Activation in the presence of IL-4 and IL-12 results in the maintenance of the IL-12 signaling pathway. FACS^®-sorted naive CD4⁺ DO11.10 T cells were cultured with OVA peptide and irradiated BALB/c splenocytes in the presence of 10 U/ml IL-12 and 10 μg/ml anti–IL-4 to promote Th1 differentiation (upper), 10 U/ml IL-12 and 200 U/ml IL-4 (middle), or 200 U/ml IL-4 and 3 μg/ml anti–IL-12 to promote Th2 differentiation (bottom). After 72 h the cells were expanded 10-fold in fresh medium containing 40 U/ml IL-2. On day 5 after primary antigen activation whole cell lysates from developing T cells (1.5–2.0 × 10⁷) were prepared after incubation for 25 min with medium alone or with 10 U/ml IL-12. Lysates were immunoprecipitated with Stat4 antiserum, separated by SDS-PAGE (7% gel), transferred to nitrocellulose, and probed with the anti-phosphotyrosine reagent RC20 as described (30). After exposure, blots were stripped and reprobed with anti-Stat4 antisera.

Figure 3

Activation in the presence of IL-4 and IL-12 results in the maintenance of functional IL-12 responsiveness. FACS^®-sorted naive CD4⁺ DO11.10 T cells were cultured for seven days with OVA peptide and irradiated BALB/c splenocytes under the indicated primary culture conditions. Cultures were harvested on day 7, washed, and restimulated at 1.25 × 10⁵ T cells/well with OVA peptide and BALB/c splenocytes in the presence of the indicated cytokines or anti-cytokine antibodies. Supernatants collected after 48 h were analyzed by ELISA for IFN-γ.

Figure 4

IFN-γ restores the IL-12 signaling pathway in developing Th2 cells. FACS^®-sorted naive CD4⁺ DO11.10 T cells were cultured with OVA peptide and irradiated BALB/c splenocytes under the conditions indicated. In the primary cultures, IFN-γ levels were either unaltered (none), neutralized with 30 μg/ml of the anti–IFN-γ mAb H22 (anti–IFN-γ) or 100 U/ml of IFN-γ (IFN-γ) were added as indicated.
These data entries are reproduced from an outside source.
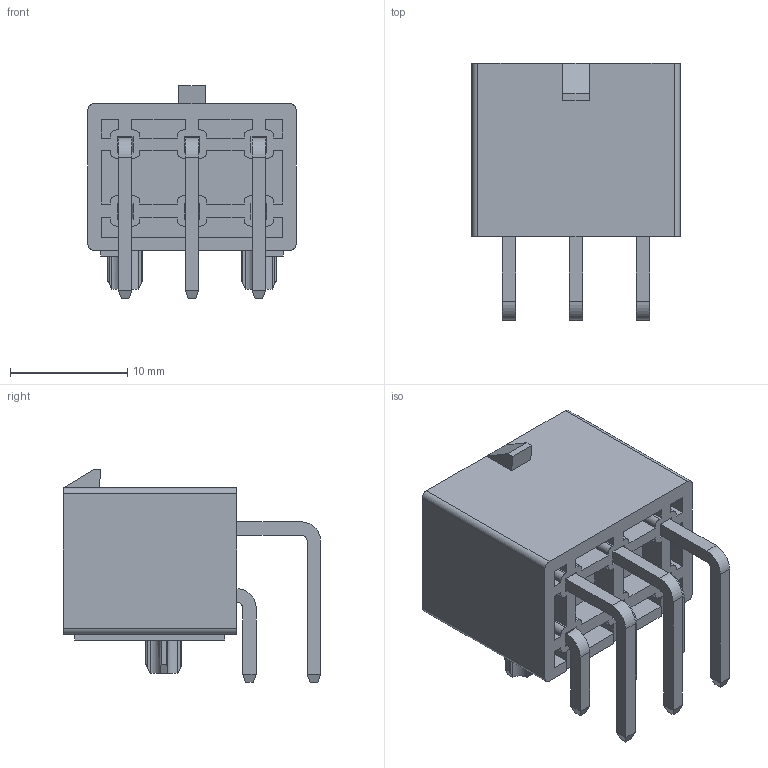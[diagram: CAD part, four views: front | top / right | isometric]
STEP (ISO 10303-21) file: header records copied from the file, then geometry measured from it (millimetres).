
FILE_DESCRIPTION(/* description */ ('Unknown'),/* implementation_level */ '2;1');
FILE_NAME(/* name */ 'J_Wurth_WR-MPC5_657006240101',/* time_stamp */ '2025-07-08T13:18:35+08:00',/* author */ ('Unknown'),/* organization */ ('Unknown'),/* preprocessor_version */ 'ST-DEVELOPER v19.4',/* originating_system */ 'Solid Edge',/* authorisation */ 'Unknown');
FILE_SCHEMA (('AUTOMOTIVE_DESIGN {1 0 10303 214 3 1 1}'));
Length unit declared in the file: millimetre
Products named in the file (2): J_Wurth_WR-MPC5_657006240101
Assembly tree (1 placements, depth 2):
  J_Wurth_WR-MPC5_657006240101
    J_Wurth_WR-MPC5_657006240101
Bounding box: 17.75 x 21.94 x 18.13 mm (x, y, z)
Volume: 1776.8 mm3; surface area: 3537.9 mm2
Topology: 1 solids, 1 shells, 474 faces, 1198 edges, 754 vertices
Faces by surface type: plane 410, cylinder 64
Entity records: 17251 total; most frequent: CARTESIAN_POINT 2428, ORIENTED_EDGE 2396, DIRECTION 2290, EDGE_CURVE 1198, LINE 1058, VECTOR 1058, VERTEX_POINT 754, AXIS2_PLACEMENT_3D 616

On day 5 after primary antigen activation whole cell lysates from developing T cells (20 × 10⁶) were prepared after incubation for 25 min with 10 U/ml IL-12. Lysates were immunoprecipitated with Stat4 antiserum, separated by SDS-PAGE (7% gel), transferred to nitrocellulose, and probed with the anti-phosphotyrosine reagent RC20. After exposure, blots were stripped and reprobed with anti-Stat4 antisera.

Figure 5

Regulation of IL-12R β2 subunit mRNA expression by IFN-γ. FACS^®-sorted naive CD4⁺ DO11.10 T cells were cultured with OVA peptide and irradiated BALB/c splenocytes under conditions indicated. On day 5 after primary antigen activation total cellular RNA was isolated from the developing Th cells. Sequential Northern blot analysis was performed using as probes the full-length murine IL-12R β2 subunit cDNA (top), the full-length murine IL-12R β1 subunit cDNA (middle), and the GAPDH cDNA (bottom).

Figure 6

Examination of the functional IL-12 responses of developing Th cells. FACS^®-sorted naive CD4⁺ DO11.10 T cells were cultured with OVA peptide and irradiated BALB/c splenocytes in the presence of the primary culture conditions indicated. Cultures were harvested on day 7, washed, and restimulated at 1.25 × 10⁵ T cells/well with OVA peptide and BALB/c splenocytes in the presence of anti–IL-4 mAb (10 μg/ml 11B11) and anti IL-10 (20 μg/ml 2A5) and either IL-12 (10 U/ml) or anti–IL-12 (3 μg/ml TOSH). Supernatants collected after 48 h were analyzed by ELISA for IFN-γ.